#### Supplied data:
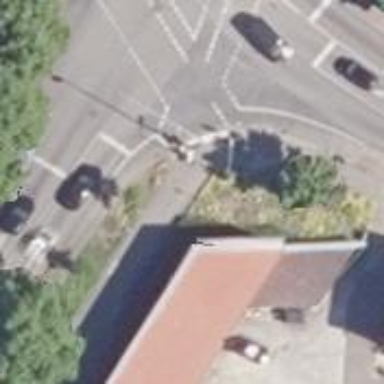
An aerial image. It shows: Road with traffic signals.
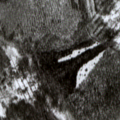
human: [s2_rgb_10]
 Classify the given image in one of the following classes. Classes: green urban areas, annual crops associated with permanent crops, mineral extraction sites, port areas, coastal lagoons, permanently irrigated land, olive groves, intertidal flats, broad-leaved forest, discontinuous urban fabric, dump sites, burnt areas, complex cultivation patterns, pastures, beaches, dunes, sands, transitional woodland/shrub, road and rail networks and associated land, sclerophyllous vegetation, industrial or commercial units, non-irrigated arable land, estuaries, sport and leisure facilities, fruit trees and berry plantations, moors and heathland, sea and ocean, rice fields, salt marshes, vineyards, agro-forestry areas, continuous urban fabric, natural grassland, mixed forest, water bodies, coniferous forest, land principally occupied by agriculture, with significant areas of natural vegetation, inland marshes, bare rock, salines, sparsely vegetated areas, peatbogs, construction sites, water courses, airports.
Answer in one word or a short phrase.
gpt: coniferous forest, mixed forest
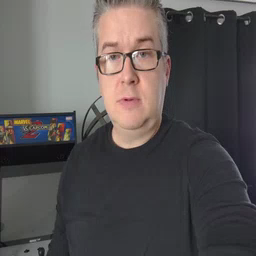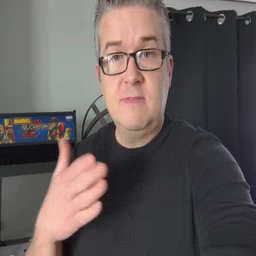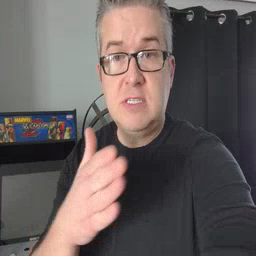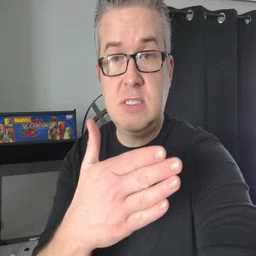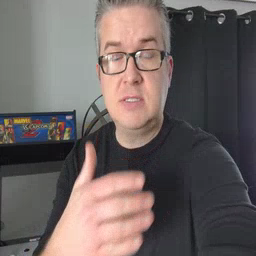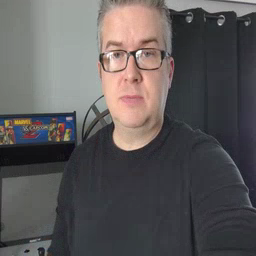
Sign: fish
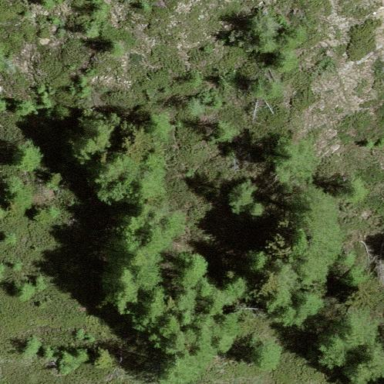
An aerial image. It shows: Forest area.
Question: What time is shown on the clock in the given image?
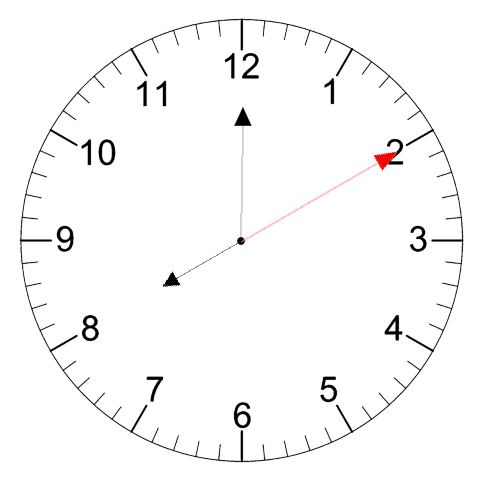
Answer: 08:00:10
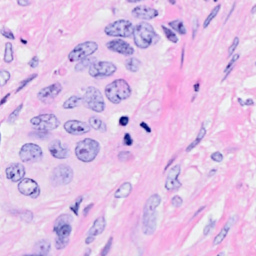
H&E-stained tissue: Breast
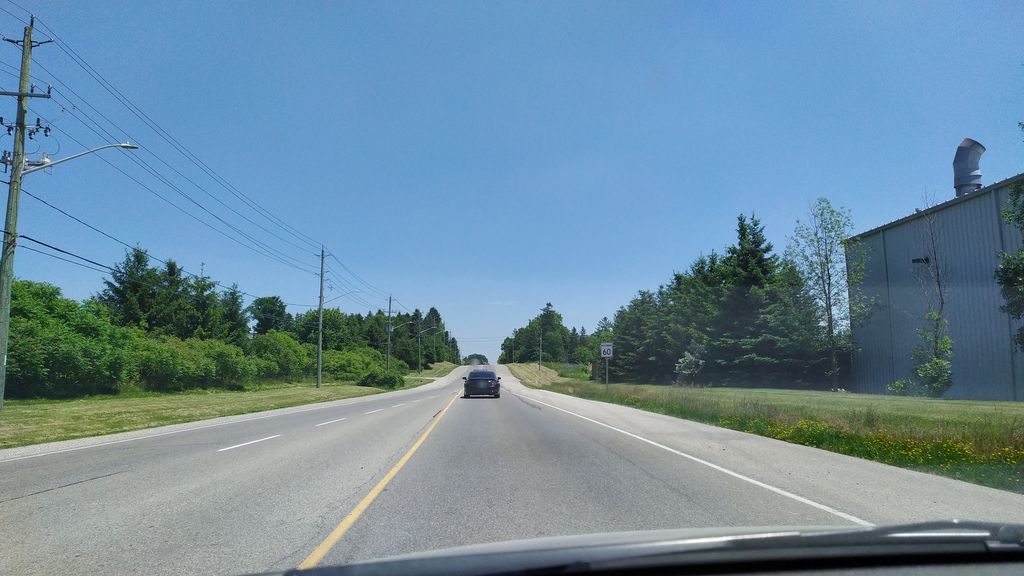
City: kitchener-waterloo
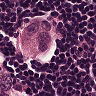
Metastatic tissue present: yes
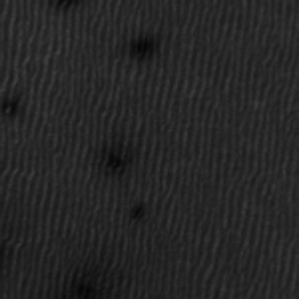
Label: frost
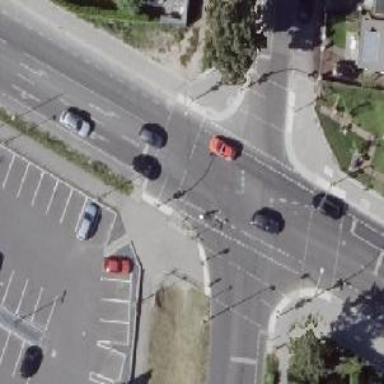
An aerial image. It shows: Road with traffic signals for signaling.
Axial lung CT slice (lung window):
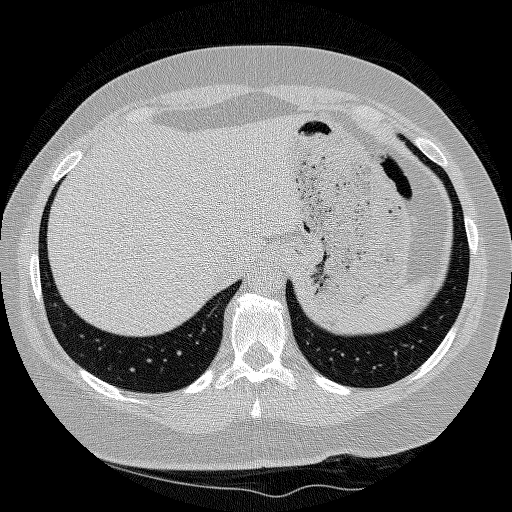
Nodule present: no
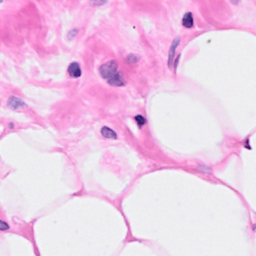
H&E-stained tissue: Breast
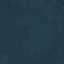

#### Your objective:
Nothing but the lines from the start of the records above through the line with "An aerial image. It shows: Forest area." should be retyped, each exactly as written; leave out all pictures.

#### Solution below:
An aerial image. It shows: Road with traffic signals.
human: [s2_rgb_10]
 Classify the given image in one of the following classes. Classes: green urban areas, annual crops associated with permanent crops, mineral extraction sites, port areas, coastal lagoons, permanently irrigated land, olive groves, intertidal flats, broad-leaved forest, discontinuous urban fabric, dump sites, burnt areas, complex cultivation patterns, pastures, beaches, dunes, sands, transitional woodland/shrub, road and rail networks and associated land, sclerophyllous vegetation, industrial or commercial units, non-irrigated arable land, estuaries, sport and leisure facilities, fruit trees and berry plantations, moors and heathland, sea and ocean, rice fields, salt marshes, vineyards, agro-forestry areas, continuous urban fabric, natural grassland, mixed forest, water bodies, coniferous forest, land principally occupied by agriculture, with significant areas of natural vegetation, inland marshes, bare rock, salines, sparsely vegetated areas, peatbogs, construction sites, water courses, airports.
Answer in one word or a short phrase.
gpt: coniferous forest, mixed forest
Sign: fish
An aerial image. It shows: Forest area.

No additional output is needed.